Your data for NDB in 5.0;
+----+---+---+
| id | t | c |
+----+---+---+
|  1 | a | 2 | 
|  3 | b | 1 | 
+----+---+---+

Your data for innodb in 5.0;
mysql> select * from test1 ORDER BY id;
+----+---+---+
| id | t | c |
+----+---+---+
|  1 | a | 2 | 
|  3 | b | 1 | 
+----+---+---+

Please let me know if I have missed something. As this appears to be working.
[30 May 2007 16:53] johnny slakva
sorry, i had to describe the bug little more.

i didnt want c to = 2 for b, i wanted id to = 2 for it, and not 3 as it appears to be.

problem is that autoincrement value increases regardless whether insert occured or update, that is what i wanted to point.

to be clearer, samples follow.

my data in myisam 5.0.41:
select * from test;
+----+---+---+
| id | t | c |
+----+---+---+
|  1 | a | 2 |
|  2 | b | 1 |
+----+---+---+

my data in ndb 5.0.41:
select * from test1 order by id;
+----+---+---+
| id | t | c |
+----+---+---+
|  1 | a | 2 | 
|  3 | b | 1 |    // id is the problem 
+----+---+---+

when huge number of updates occur, this wastes autoincrement values, and also, as pointed in #24432, this will cause problems with replication, especially if i wanted to replicate ndb tables to non-ndb.
[1 Jun 2007 5:53] Adam Dixon
This behavior replicates fine, eg the missing auto_increment value is also missing in myisam. I have tested this locally (cluster > myisam) row based replication.
[20 Jun 2007 22:23] Hartmut Holzgraefe
the auto_increment behavior is not a bug, the only guarantee we give on auto_increment values is that:

a) it will not create duplicate values
b) each new id will be larger than the previous one

there is no guarantee that there will be no gaps,
and there are situations were gaps will indeed occure,
e.g on all transactional storage engines when a transaction
in which an auto_increment INSERT occured are rolled back,
in this case the auto_increment value(s) returned to this
transaction are lost

with cluster the situation is even more complicated, here
auto_increment values have to be fetched in advance, so
even if an INSERT ON DUPLICATE KEY UPDATE fails in the
INSERT part due to a duplicate key the prefetched id
value is 'lost' for further operations 

another case in which cluster may produce gaps is when
you do a INSERT INTO ... SELECT into a table with an
auto_increment field. Here auto_increment values are
fetched in batches of (by default) 32 and not one by
one for performance reasons. Unused values from the
last batch fetched are lost here, too, creating gaps
of up to 31 values when using default settings.
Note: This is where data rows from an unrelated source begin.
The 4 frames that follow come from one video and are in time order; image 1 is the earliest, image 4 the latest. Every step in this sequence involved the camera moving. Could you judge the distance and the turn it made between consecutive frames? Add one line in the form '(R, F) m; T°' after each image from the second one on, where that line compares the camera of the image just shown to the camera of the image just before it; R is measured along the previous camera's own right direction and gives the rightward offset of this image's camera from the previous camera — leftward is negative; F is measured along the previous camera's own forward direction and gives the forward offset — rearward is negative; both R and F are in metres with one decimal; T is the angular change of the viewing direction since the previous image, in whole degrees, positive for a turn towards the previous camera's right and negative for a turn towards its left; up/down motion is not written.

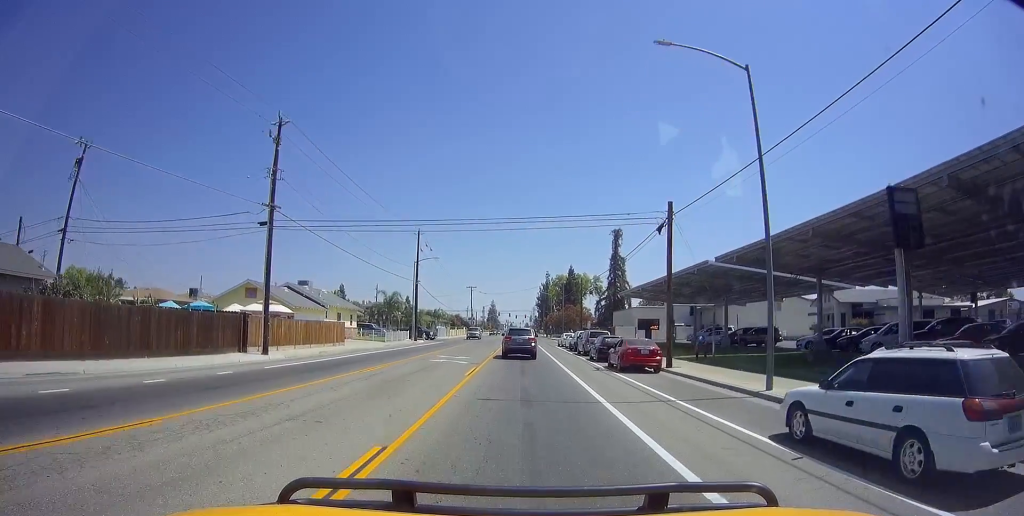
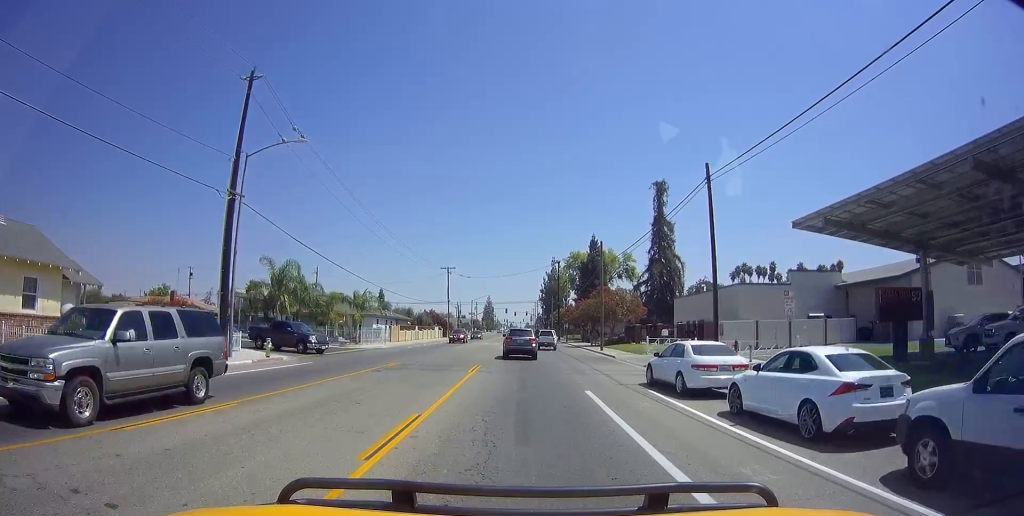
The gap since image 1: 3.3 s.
(-0.2, +40.3) m; -2°
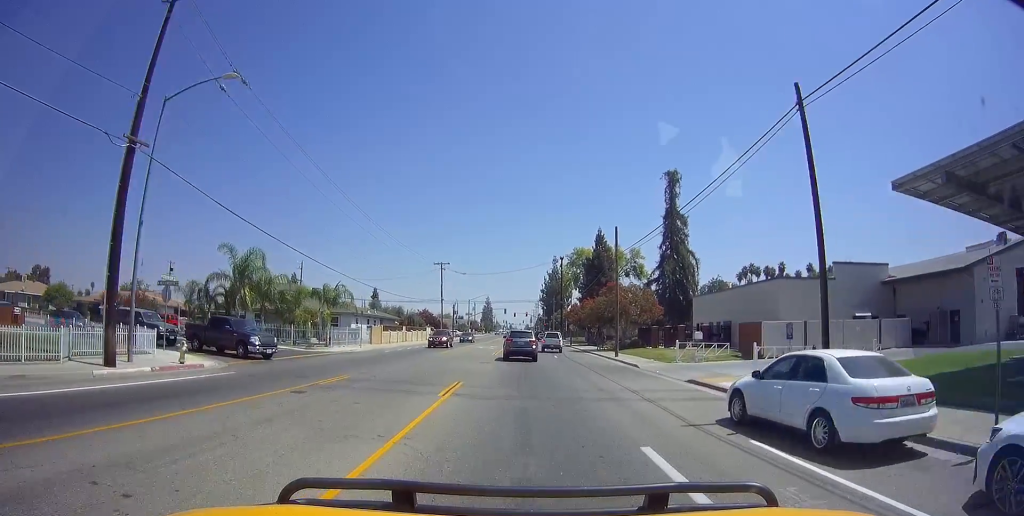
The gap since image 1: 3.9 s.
(0.0, +6.9) m; -1°
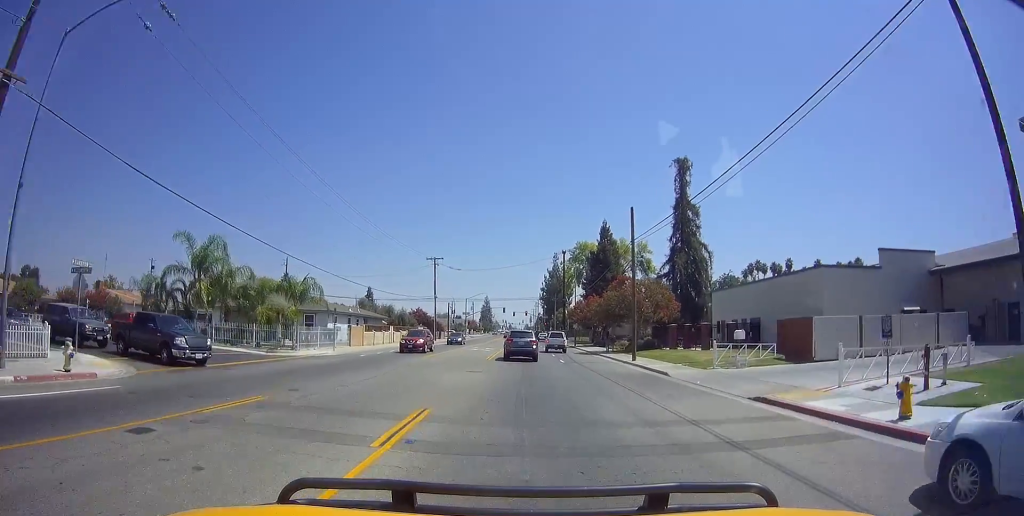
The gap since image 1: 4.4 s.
(0.0, +5.7) m; 0°
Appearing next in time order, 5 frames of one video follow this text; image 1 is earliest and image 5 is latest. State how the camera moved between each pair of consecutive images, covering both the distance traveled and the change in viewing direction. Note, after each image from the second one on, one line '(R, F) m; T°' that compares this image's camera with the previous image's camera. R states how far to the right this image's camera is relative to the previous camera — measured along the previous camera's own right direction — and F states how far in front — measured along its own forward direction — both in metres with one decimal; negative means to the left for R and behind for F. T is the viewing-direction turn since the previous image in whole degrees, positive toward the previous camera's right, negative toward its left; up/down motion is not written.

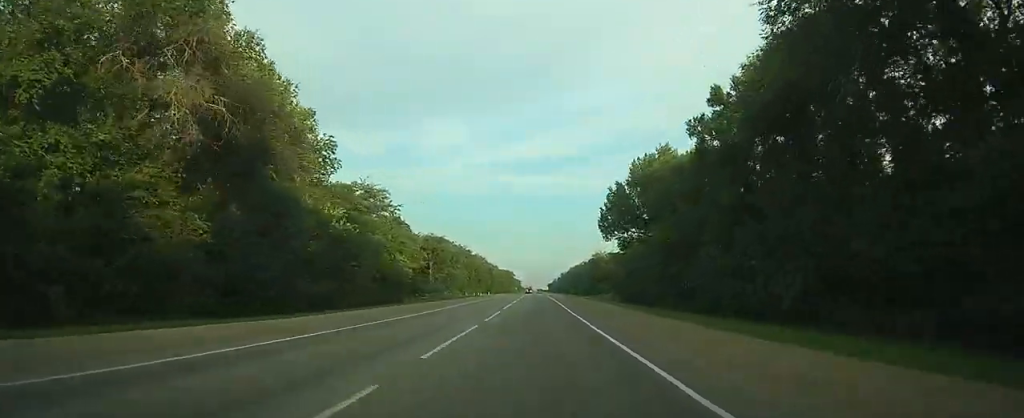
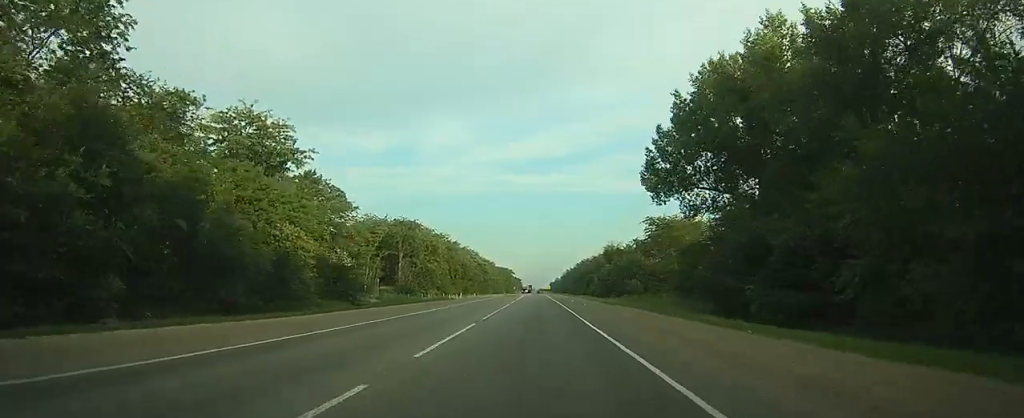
(0.0, +35.7) m; 0°
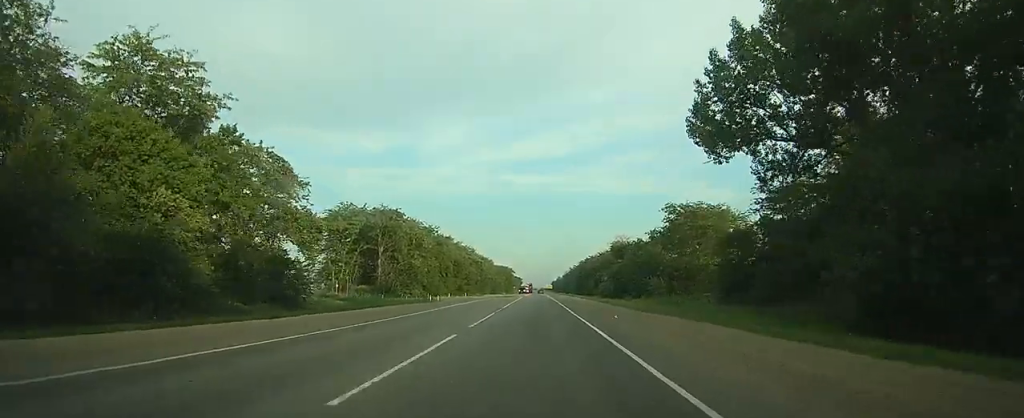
(0.0, +16.1) m; 0°
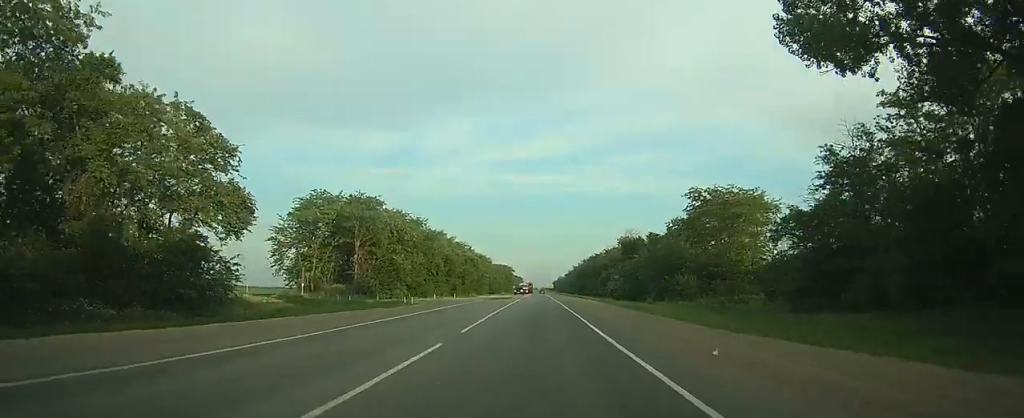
(0.0, +14.2) m; 0°
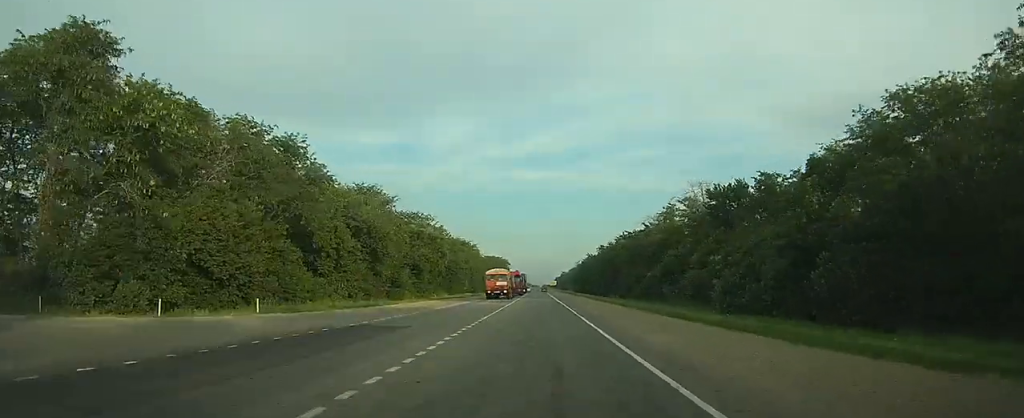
(0.0, +62.0) m; 0°
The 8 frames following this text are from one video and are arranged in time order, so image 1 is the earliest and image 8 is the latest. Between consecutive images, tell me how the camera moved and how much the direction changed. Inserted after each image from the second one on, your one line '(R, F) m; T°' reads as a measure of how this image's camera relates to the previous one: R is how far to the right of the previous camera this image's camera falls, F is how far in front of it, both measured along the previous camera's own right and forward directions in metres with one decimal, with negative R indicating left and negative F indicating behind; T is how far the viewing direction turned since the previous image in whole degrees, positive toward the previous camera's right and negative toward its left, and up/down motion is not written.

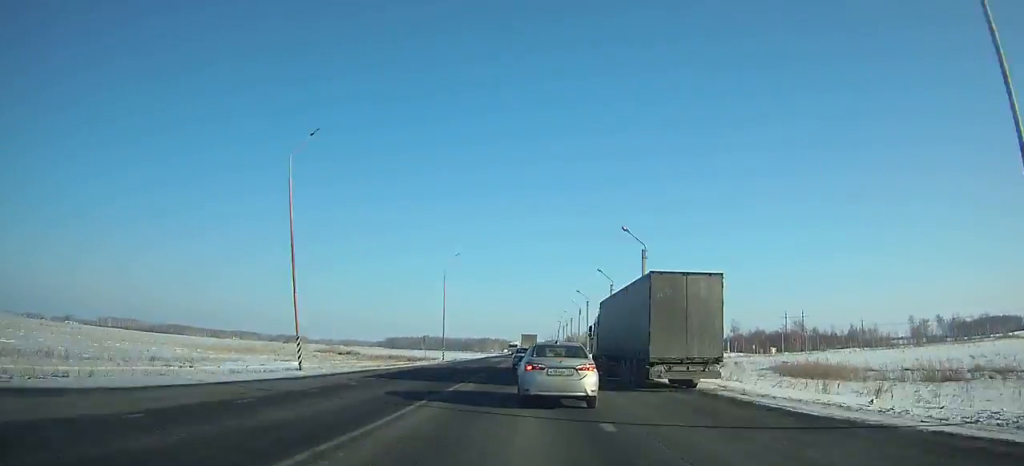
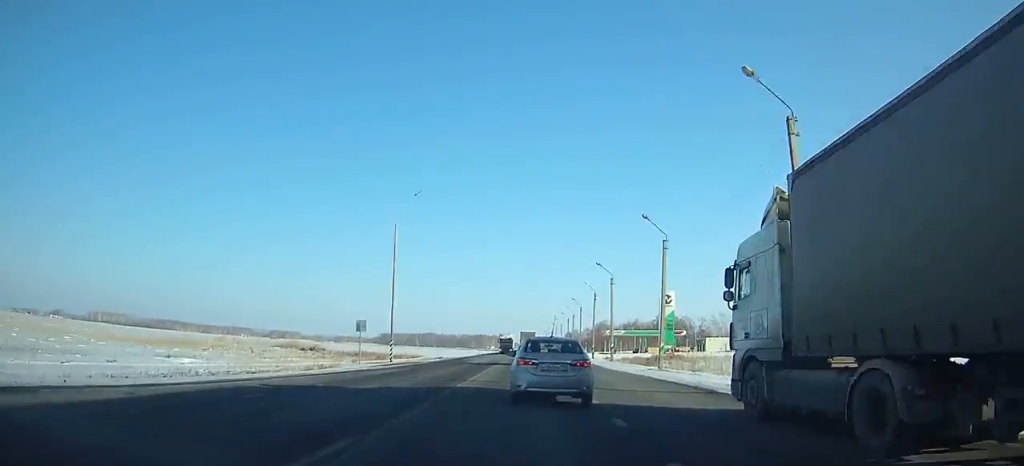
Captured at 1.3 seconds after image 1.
(0.0, +24.4) m; 0°
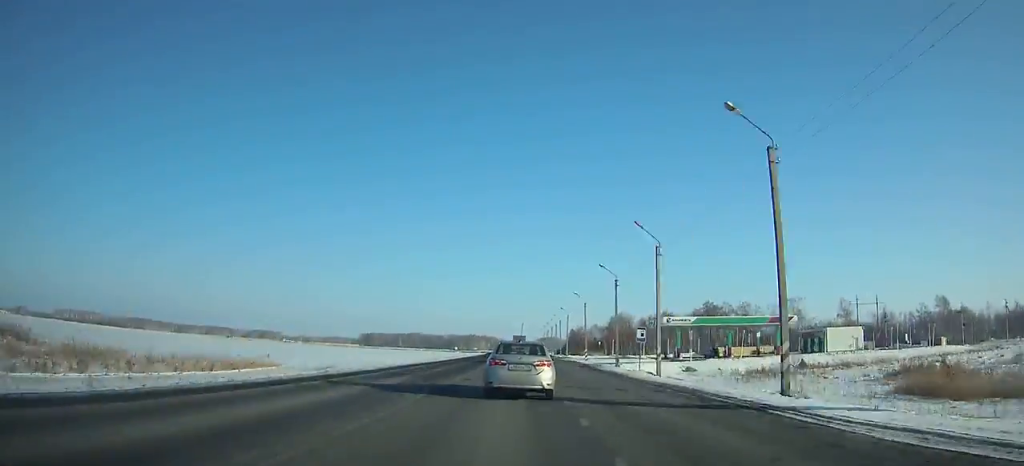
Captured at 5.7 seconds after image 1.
(+0.2, +81.4) m; 0°
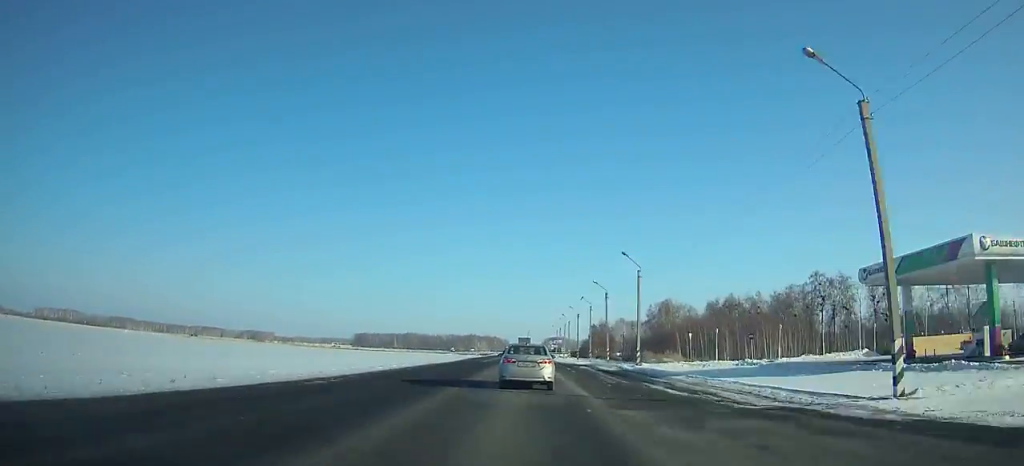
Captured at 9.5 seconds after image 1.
(-0.3, +71.5) m; 0°
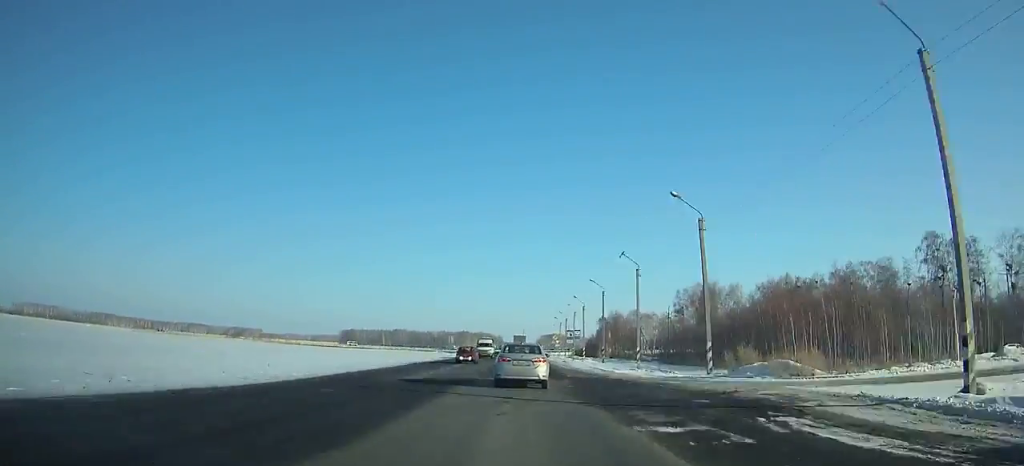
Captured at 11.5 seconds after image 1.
(+0.1, +38.6) m; 0°
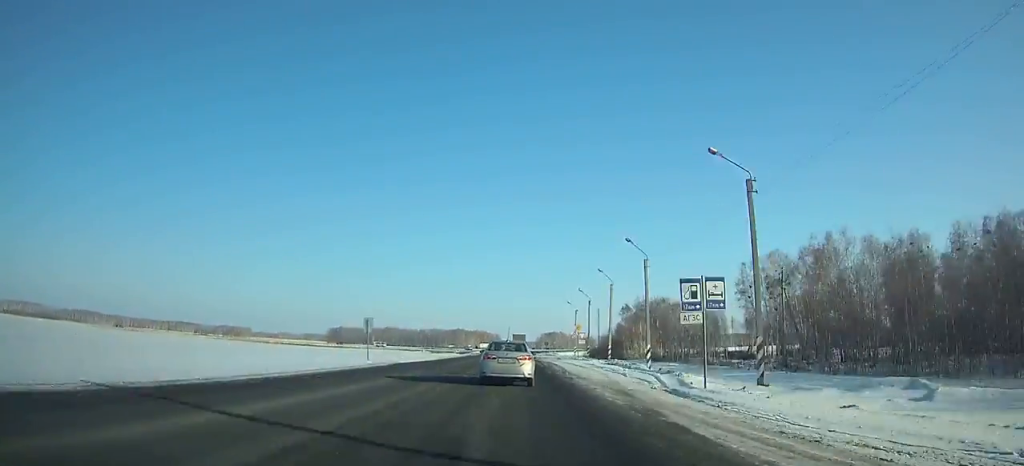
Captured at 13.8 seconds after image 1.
(0.0, +44.2) m; 0°
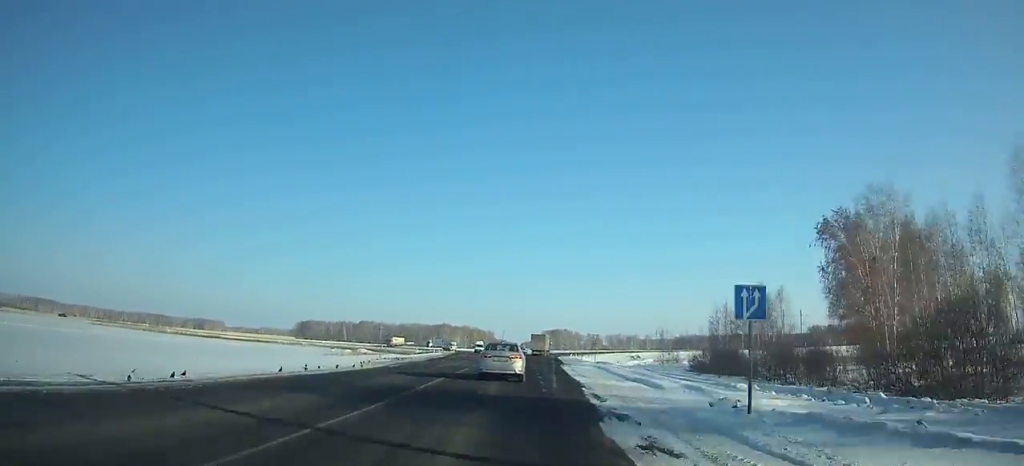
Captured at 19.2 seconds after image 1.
(+0.5, +101.0) m; +1°
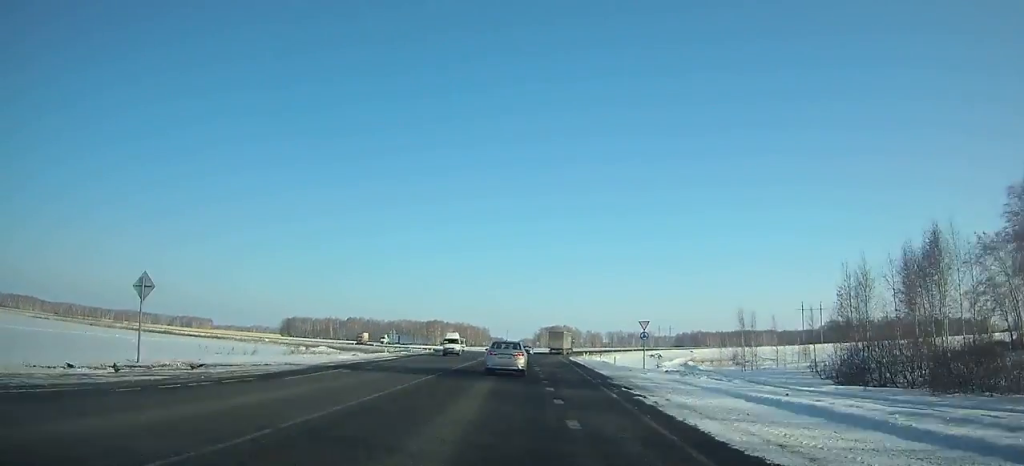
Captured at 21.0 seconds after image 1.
(+0.1, +32.1) m; 0°

The affected rows output indeed looks like an error 
though, but creating a new bug report for this one
indeed seems to make sense by now ...
[21 Jun 2007 14:01] Hartmut Holzgraefe
The affected rows count actually works as documented
(and is not cluster specific), see

  http://dev.mysql.com/doc/refman/5.0/en/insert-on-duplicate.html

  The rows-affected value is 1 if the row is inserted
  as a new record and 2 if an existing record is updated.